Structural variants¶
StructuralVariant (a Variant subclass) carries SV-specific fields:
sv_type (one of DEL, DUP, INV, INS, CNV, BND), end,
breakend mate fields, confidence intervals, and an open-ended info
dict. Pass parse_structural_variants=True to load_vcf to load
symbolic ALTs (<DEL>, <INS:ME:ALU>, <CN0>, breakends) as
StructuralVariant objects rather than dropping them.
from varcode import load_vcf
vc = load_vcf("manta.vcf", parse_structural_variants=True)
sv_effects = [
e for e in vc.effects()
if e.variant.__class__.__name__ == "StructuralVariant"
]
SV effects (LargeDeletion, LargeDuplication, Inversion,
GeneFusion, TranslocationToIntergenic) are MultiOutcomeEffect
subclasses — e.outcomes exposes the candidate ORFs / cryptic-splice
outcomes the annotator generated, ordered by a per-class prior.

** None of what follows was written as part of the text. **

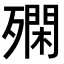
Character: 𣩝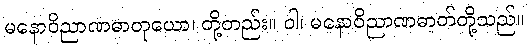
မနောဝိညာဏဓာတုယော၊ တို့တည်း။ ဝါ၊ မနောဝိညာဏဓာတ်တို့သည်။

External scorers (RNA evidence, long-read assembly) plug in via
apply_rna_evidence_to_effects to narrow the set or append observed
outcomes; see Germline-aware annotation for the same
composition pattern applied to germline.
Limitations:
- Mate breakend pairing (joining two
BNDrows that are halves of one translocation) is deferred. EachBNDrow produces its ownStructuralVariant; consumers can matchMATEIDthemselves. parse_structural_variants=Falseis the default. Without the flag, symbolic ALTs are dropped with a warning that names the flag.
Downstream consumers¶
MutantTranscript is the prediction-boundary type for downstream
neoantigen pipelines (topiary reads mt.mutant_protein_sequence;
vaxrank consumes the EffectCollection + protein pair to score
neoantigens). RNA-evidence callers (isovar, Exacto) plug in either as
registered annotators or via the RNAEvidenceResolver protocol —
see Germline-aware annotation for the resolver pattern,
which the same evidence shape uses across germline / phase / RNA.